**DATA SHOWN:**
------------------------------------------------------------------------

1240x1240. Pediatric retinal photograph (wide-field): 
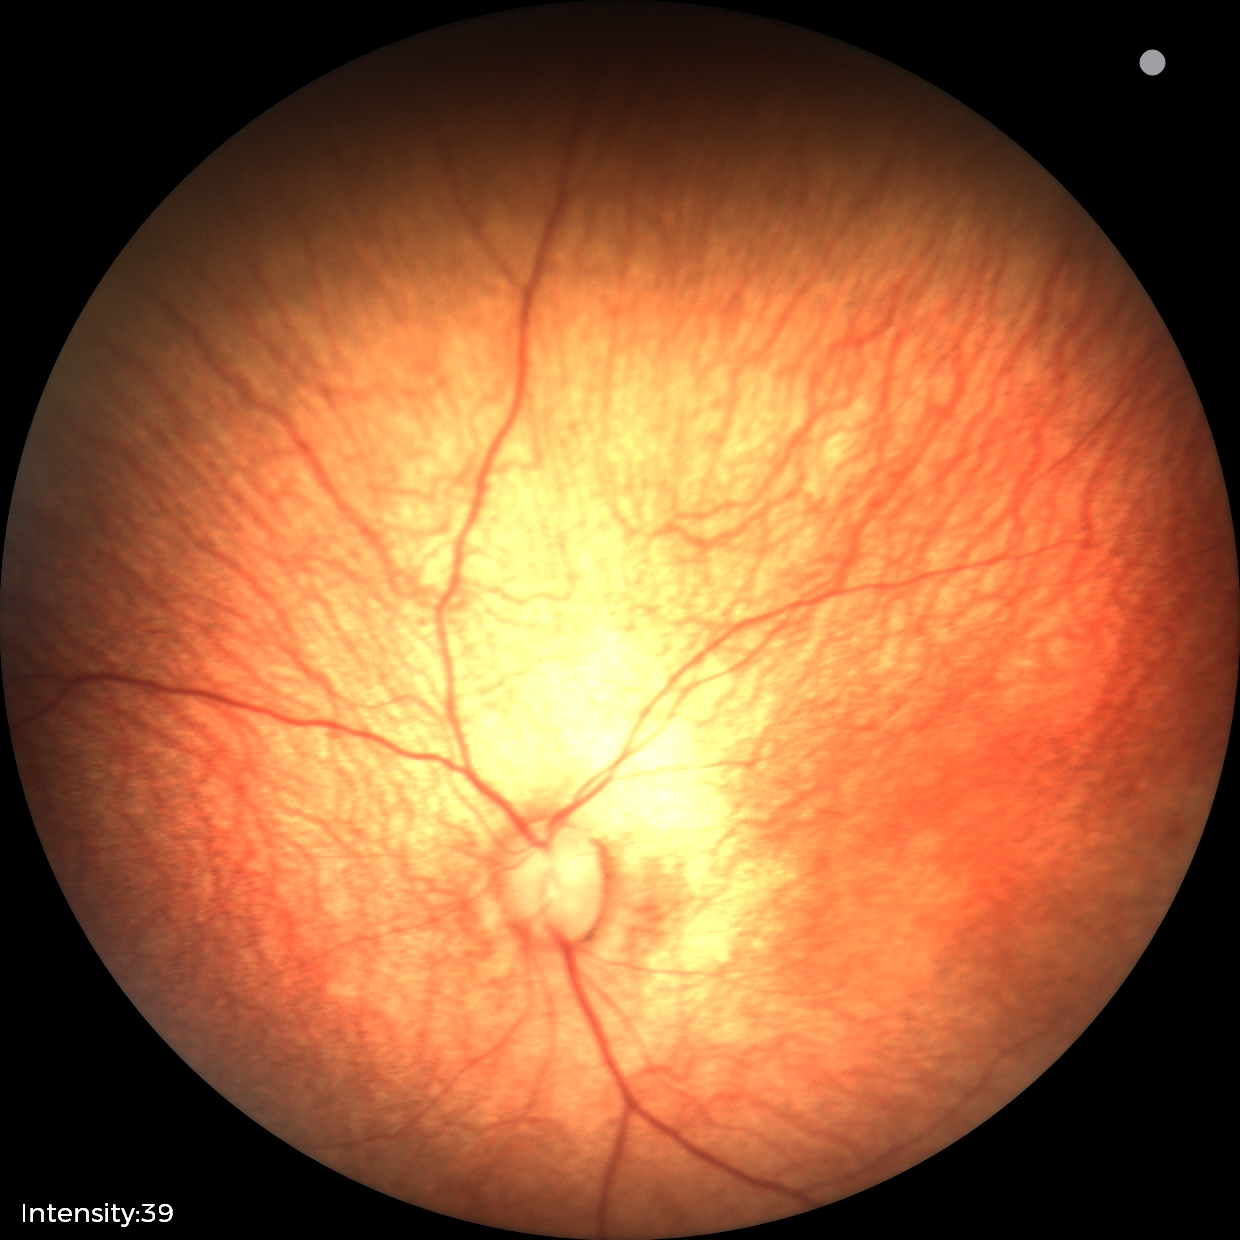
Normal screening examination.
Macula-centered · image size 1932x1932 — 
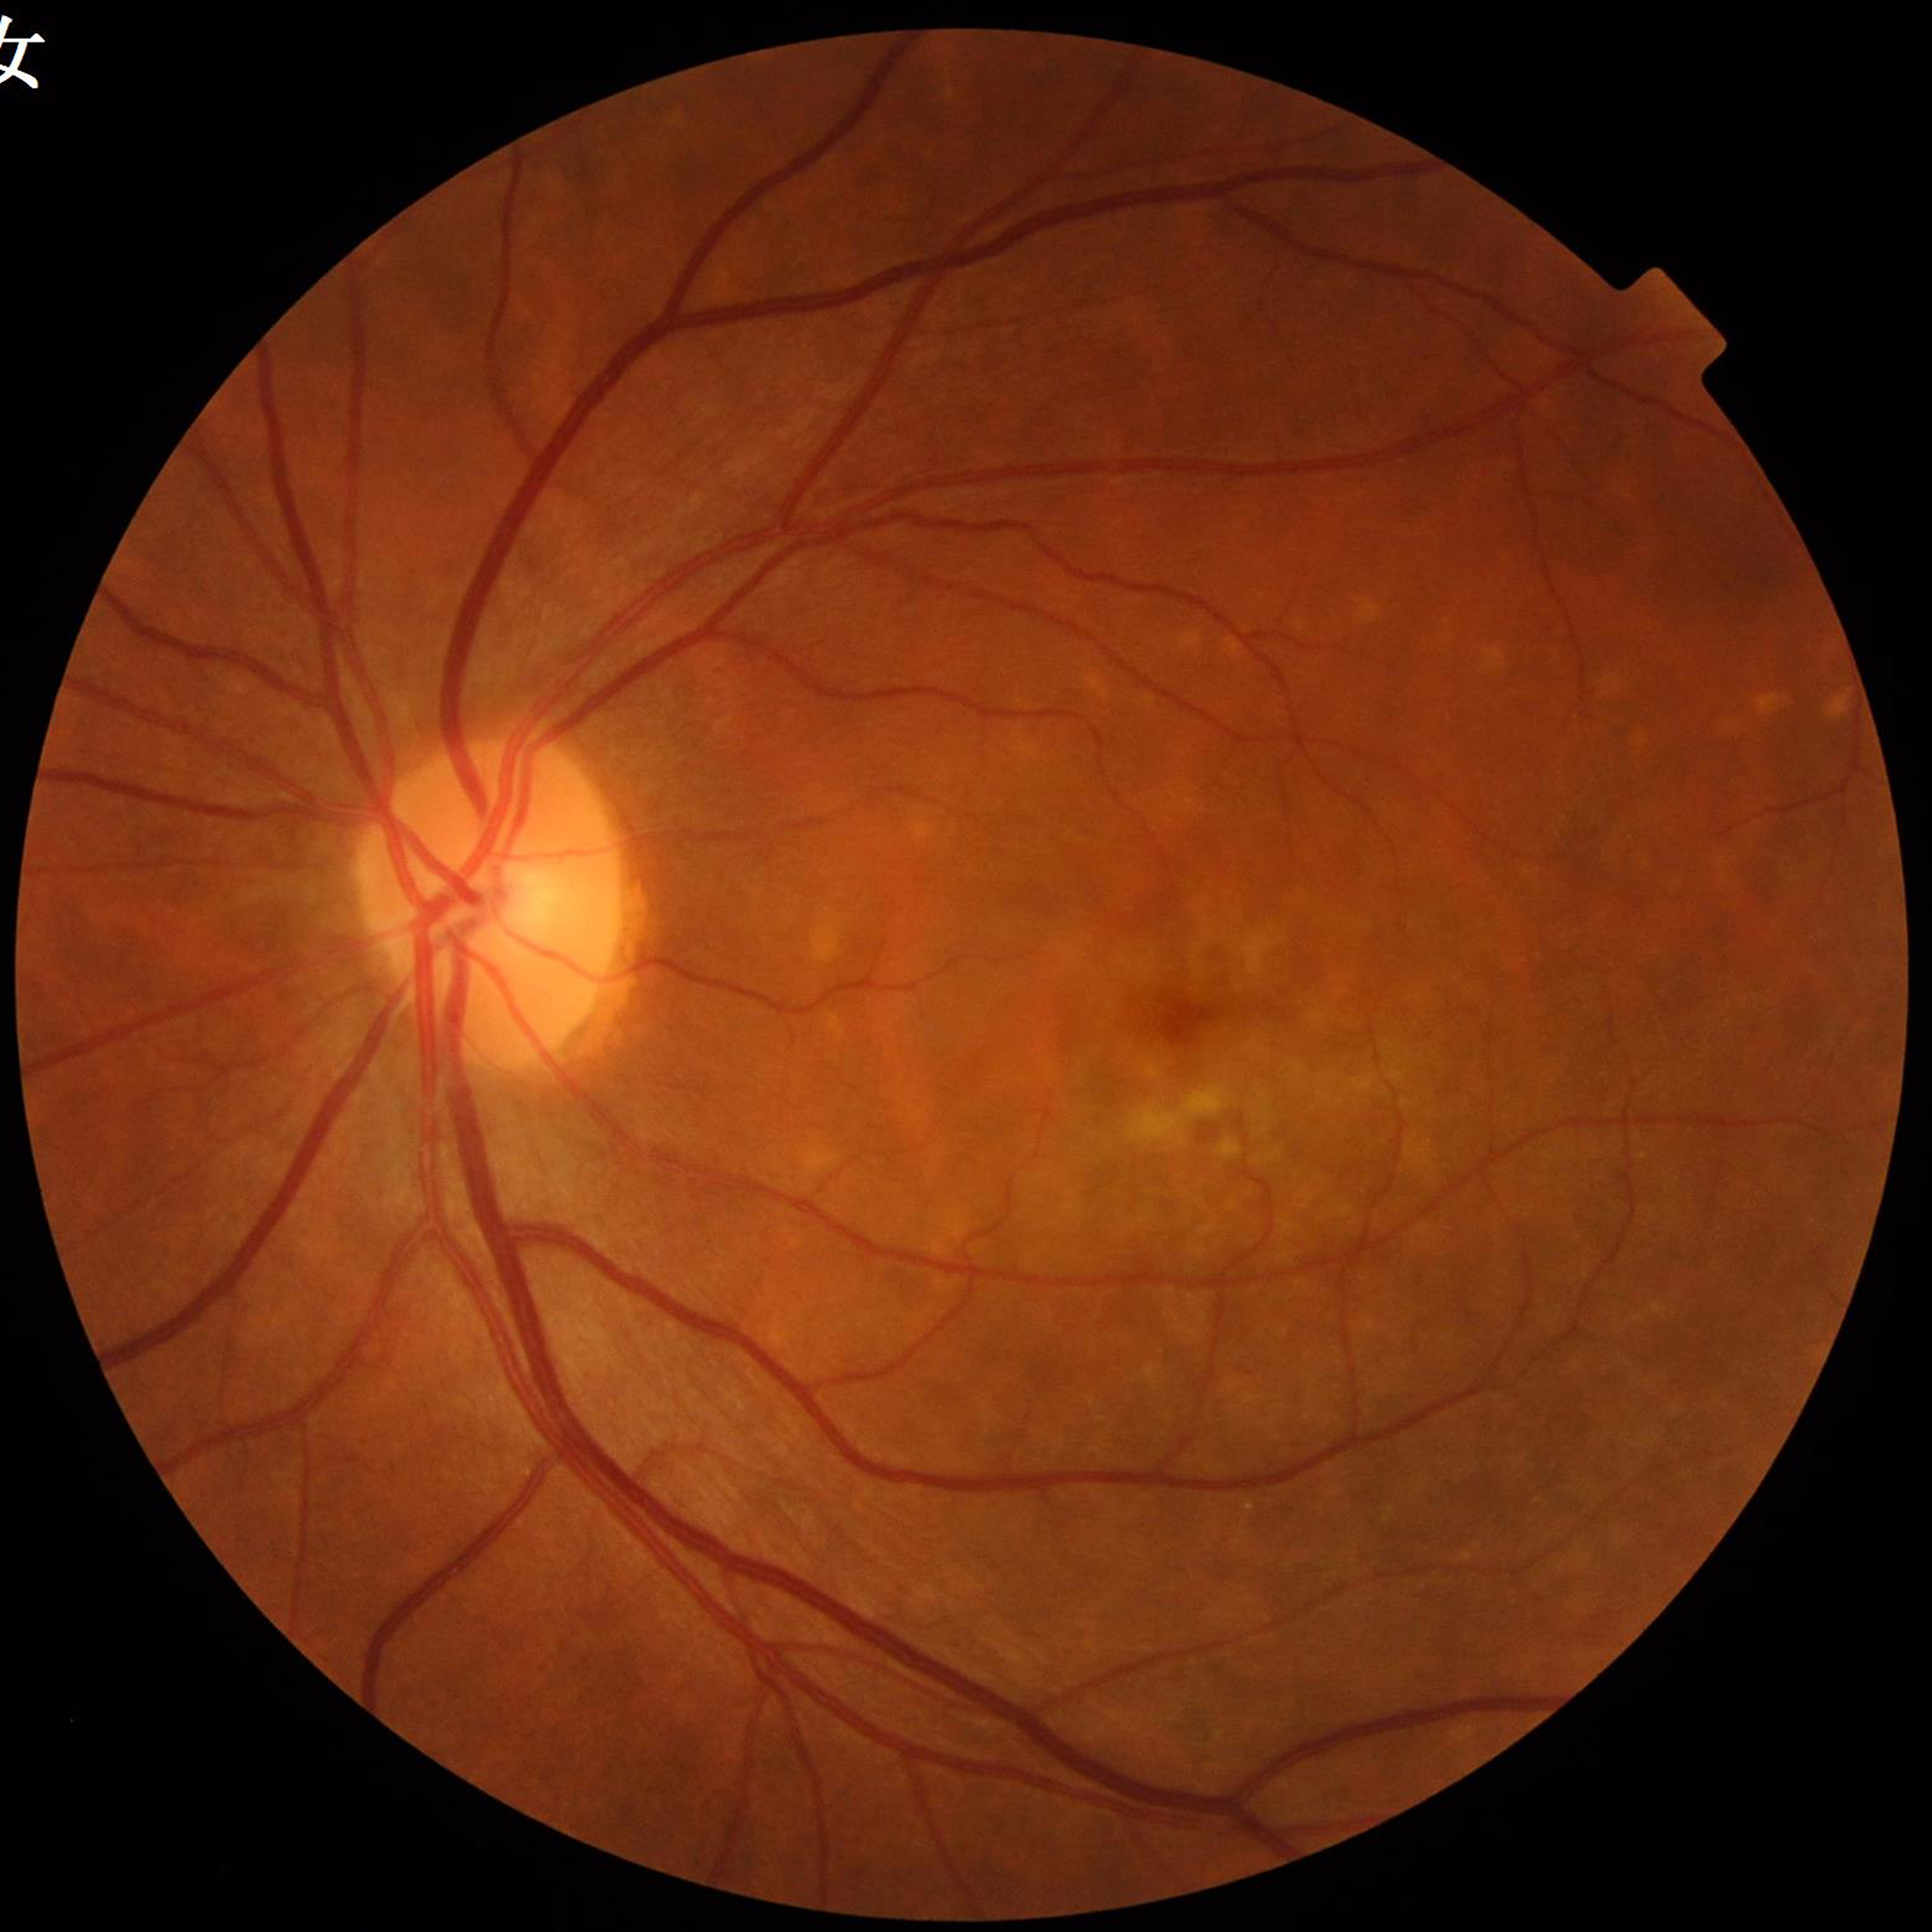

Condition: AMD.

------------------------------------------------------------------------

**WORK TO COMPLETE:** Your task is to write out, exactly and without pictures, only the lines from the one holding "Normal screening examination." to the last line of the data.

**OUTPUT OF THE TASK:**
Normal screening examination.
Macula-centered · image size 1932x1932 — 

Condition: AMD.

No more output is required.